Wednesday, November 28, 2007

US stocks rally on rate cut hopes

US stocks have closed up strongly on Wall Street after comments from a Federal Reserve official boosted hopes of an interest rate cut next month.

Banks and other financial stocks led the gains after Fed vice-chairman Donald Kohn said the central bank needed to be "flexible and pragmatic".

Mr Kohn said this was required as the recent credit market squeeze was worse than previously thought.

The main Dow Jones index ended up 2.6% or 332 points to 13,290.

Taken together with the Dow's rise on Tuesday, it represents its biggest two-day gain in five years.

Meanwhile, the Nasdaq index added 3.2% or 82 points to 2,663.

The markets were further boosted by further falls in global oil prices.

Sub-prime debt

A further interest rate cut from the Fed would help ease the credit markets by making it cheaper for banks to lend and borrow money.


The Beige Book report indicates the economy is deteriorating, though not falling off a cliff
Doug Roberts, Channel Capital Research

The Fed last lowered rates on 1 November, reducing them to 4.5% from 4.75%.

That followed after a bigger cut from 5.25% to 4.75% in October, the Fed's first reduction in rates in four years.

The credit crunch was sparked in late August by the revelation of billions of dollars worth of bad debt in the so-called sub-prime mortgage sector.

This bad debt came against the backdrop of higher US mortgage rates and a slump in the wider housing market.

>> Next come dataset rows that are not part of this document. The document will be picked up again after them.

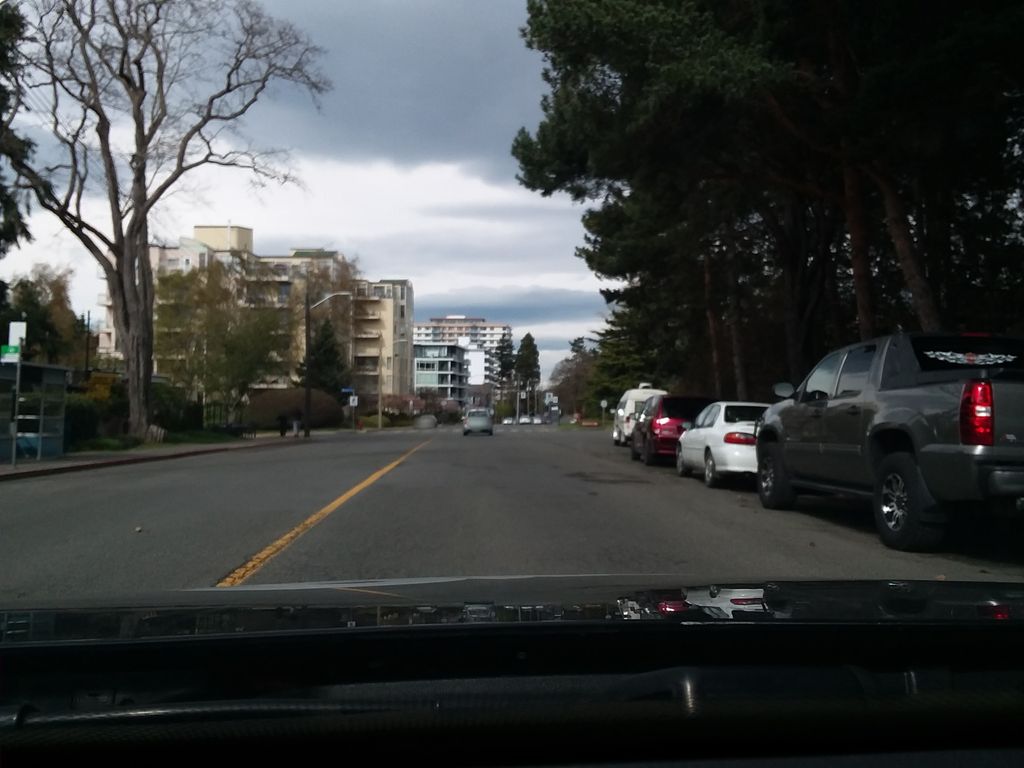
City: victoria
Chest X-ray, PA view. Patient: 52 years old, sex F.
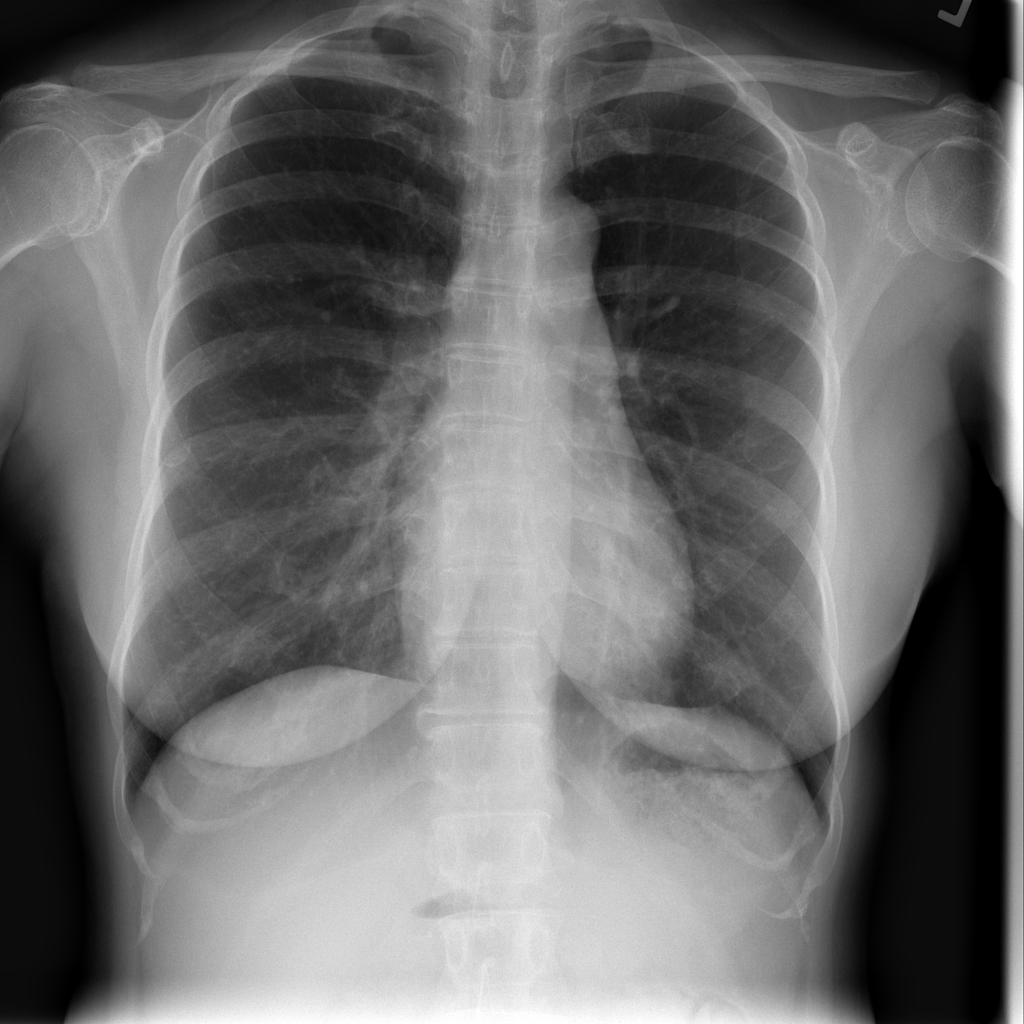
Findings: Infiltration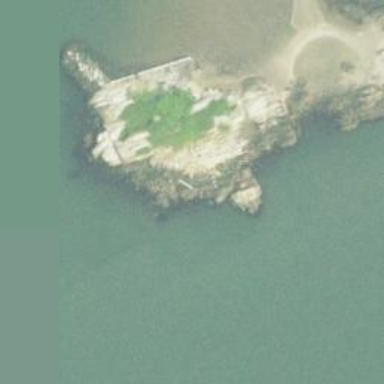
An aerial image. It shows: Image showing island.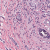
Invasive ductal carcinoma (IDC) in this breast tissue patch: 1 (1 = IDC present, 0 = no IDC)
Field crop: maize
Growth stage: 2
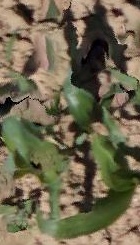
Species: maize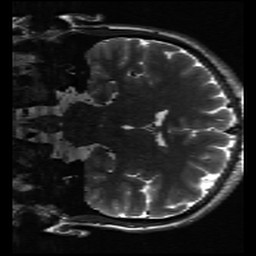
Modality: inplaneT2
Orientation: coronal

A further interest cut from the Fed next month would also give the US property market a much needed boost.

Lower economic growth

Mr Kohn's downbeat assessment was subsequently echoed by the Fed's latest Beige Book economic report.
It said US economic growth slowed in October and the first half of November due to falling house prices and less available mortgages.

The report "indicates the economy is deteriorating, though not falling off a cliff", said Doug Roberts, chief investment strategist at Channel Capital Research.

Last week the Fed cut its forecast for 2008 economic growth to a range of 1.8% to 2.5% - due to the tighter credit markets and weakness in housing.

In July it had predicted growth of between 2.5% and 2.75% next year.